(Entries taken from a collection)
----

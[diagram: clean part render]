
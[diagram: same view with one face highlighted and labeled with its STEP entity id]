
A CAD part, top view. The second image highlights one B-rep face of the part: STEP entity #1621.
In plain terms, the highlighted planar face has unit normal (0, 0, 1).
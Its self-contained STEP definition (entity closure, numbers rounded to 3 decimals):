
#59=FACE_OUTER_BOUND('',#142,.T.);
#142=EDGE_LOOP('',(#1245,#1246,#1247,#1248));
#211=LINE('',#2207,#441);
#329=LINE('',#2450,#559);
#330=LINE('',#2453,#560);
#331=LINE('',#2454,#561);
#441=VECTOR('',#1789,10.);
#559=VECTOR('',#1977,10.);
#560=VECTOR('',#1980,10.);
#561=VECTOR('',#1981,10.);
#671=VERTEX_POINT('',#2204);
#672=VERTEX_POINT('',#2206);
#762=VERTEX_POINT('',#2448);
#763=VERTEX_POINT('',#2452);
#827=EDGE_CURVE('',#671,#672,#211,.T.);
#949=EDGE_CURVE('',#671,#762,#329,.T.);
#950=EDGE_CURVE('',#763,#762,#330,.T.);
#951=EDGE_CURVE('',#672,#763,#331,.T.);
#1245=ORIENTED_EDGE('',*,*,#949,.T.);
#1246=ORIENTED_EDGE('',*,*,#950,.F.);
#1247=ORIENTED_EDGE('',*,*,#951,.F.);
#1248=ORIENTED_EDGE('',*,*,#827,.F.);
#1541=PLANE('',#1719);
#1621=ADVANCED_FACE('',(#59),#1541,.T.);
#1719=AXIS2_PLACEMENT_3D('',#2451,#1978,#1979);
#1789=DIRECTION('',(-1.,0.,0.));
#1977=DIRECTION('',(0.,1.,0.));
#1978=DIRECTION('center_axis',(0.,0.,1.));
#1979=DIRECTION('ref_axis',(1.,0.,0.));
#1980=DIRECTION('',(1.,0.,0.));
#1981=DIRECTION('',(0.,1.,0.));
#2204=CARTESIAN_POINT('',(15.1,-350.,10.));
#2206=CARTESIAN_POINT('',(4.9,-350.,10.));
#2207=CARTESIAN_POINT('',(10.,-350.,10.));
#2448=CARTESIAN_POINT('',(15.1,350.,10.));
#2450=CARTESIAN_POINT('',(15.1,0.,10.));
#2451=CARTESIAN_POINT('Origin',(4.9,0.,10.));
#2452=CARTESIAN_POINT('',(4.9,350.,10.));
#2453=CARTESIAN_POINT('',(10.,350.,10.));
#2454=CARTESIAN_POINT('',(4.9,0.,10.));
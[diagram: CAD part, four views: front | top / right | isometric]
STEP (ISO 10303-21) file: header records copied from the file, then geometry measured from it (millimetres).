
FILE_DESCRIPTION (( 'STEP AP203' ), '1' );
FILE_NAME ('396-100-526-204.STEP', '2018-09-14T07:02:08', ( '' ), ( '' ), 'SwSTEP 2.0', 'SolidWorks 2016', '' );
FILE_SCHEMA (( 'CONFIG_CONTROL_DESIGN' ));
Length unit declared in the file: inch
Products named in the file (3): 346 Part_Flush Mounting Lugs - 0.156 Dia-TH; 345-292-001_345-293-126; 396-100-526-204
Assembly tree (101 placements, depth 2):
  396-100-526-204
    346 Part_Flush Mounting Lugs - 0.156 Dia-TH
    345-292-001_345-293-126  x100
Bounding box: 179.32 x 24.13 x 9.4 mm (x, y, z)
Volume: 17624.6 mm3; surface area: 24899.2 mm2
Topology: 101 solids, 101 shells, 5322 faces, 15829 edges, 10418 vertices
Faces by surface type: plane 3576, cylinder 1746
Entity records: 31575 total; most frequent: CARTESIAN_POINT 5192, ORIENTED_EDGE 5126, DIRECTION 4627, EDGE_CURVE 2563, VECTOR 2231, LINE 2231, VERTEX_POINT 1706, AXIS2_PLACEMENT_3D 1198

----

> [Your task]:
Your response should consist solely of the lines from the one containing "#762=VERTEX_POINT('',#2448);" to the end of the entries, both ends included, exactly as they appear.

> [Response]:
#762=VERTEX_POINT('',#2448);
#763=VERTEX_POINT('',#2452);
#827=EDGE_CURVE('',#671,#672,#211,.T.);
#949=EDGE_CURVE('',#671,#762,#329,.T.);
#950=EDGE_CURVE('',#763,#762,#330,.T.);
#951=EDGE_CURVE('',#672,#763,#331,.T.);
#1245=ORIENTED_EDGE('',*,*,#949,.T.);
#1246=ORIENTED_EDGE('',*,*,#950,.F.);
#1247=ORIENTED_EDGE('',*,*,#951,.F.);
#1248=ORIENTED_EDGE('',*,*,#827,.F.);
#1541=PLANE('',#1719);
#1621=ADVANCED_FACE('',(#59),#1541,.T.);
#1719=AXIS2_PLACEMENT_3D('',#2451,#1978,#1979);
#1789=DIRECTION('',(-1.,0.,0.));
#1977=DIRECTION('',(0.,1.,0.));
#1978=DIRECTION('center_axis',(0.,0.,1.));
#1979=DIRECTION('ref_axis',(1.,0.,0.));
#1980=DIRECTION('',(1.,0.,0.));
#1981=DIRECTION('',(0.,1.,0.));
#2204=CARTESIAN_POINT('',(15.1,-350.,10.));
#2206=CARTESIAN_POINT('',(4.9,-350.,10.));
#2207=CARTESIAN_POINT('',(10.,-350.,10.));
#2448=CARTESIAN_POINT('',(15.1,350.,10.));
#2450=CARTESIAN_POINT('',(15.1,0.,10.));
#2451=CARTESIAN_POINT('Origin',(4.9,0.,10.));
#2452=CARTESIAN_POINT('',(4.9,350.,10.));
#2453=CARTESIAN_POINT('',(10.,350.,10.));
#2454=CARTESIAN_POINT('',(4.9,0.,10.));
[diagram: CAD part, four views: front | top / right | isometric]
STEP (ISO 10303-21) file: header records copied from the file, then geometry measured from it (millimetres).
FILE_DESCRIPTION (( 'STEP AP203' ), '1' );
FILE_NAME ('396-100-526-204.STEP', '2018-09-14T07:02:08', ( '' ), ( '' ), 'SwSTEP 2.0', 'SolidWorks 2016', '' );
FILE_SCHEMA (( 'CONFIG_CONTROL_DESIGN' ));
Length unit declared in the file: inch
Products named in the file (3): 346 Part_Flush Mounting Lugs - 0.156 Dia-TH; 345-292-001_345-293-126; 396-100-526-204
Assembly tree (101 placements, depth 2):
  396-100-526-204
    346 Part_Flush Mounting Lugs - 0.156 Dia-TH
    345-292-001_345-293-126  x100
Bounding box: 179.32 x 24.13 x 9.4 mm (x, y, z)
Volume: 17624.6 mm3; surface area: 24899.2 mm2
Topology: 101 solids, 101 shells, 5322 faces, 15829 edges, 10418 vertices
Faces by surface type: plane 3576, cylinder 1746
Entity records: 31575 total; most frequent: CARTESIAN_POINT 5192, ORIENTED_EDGE 5126, DIRECTION 4627, EDGE_CURVE 2563, VECTOR 2231, LINE 2231, VERTEX_POINT 1706, AXIS2_PLACEMENT_3D 1198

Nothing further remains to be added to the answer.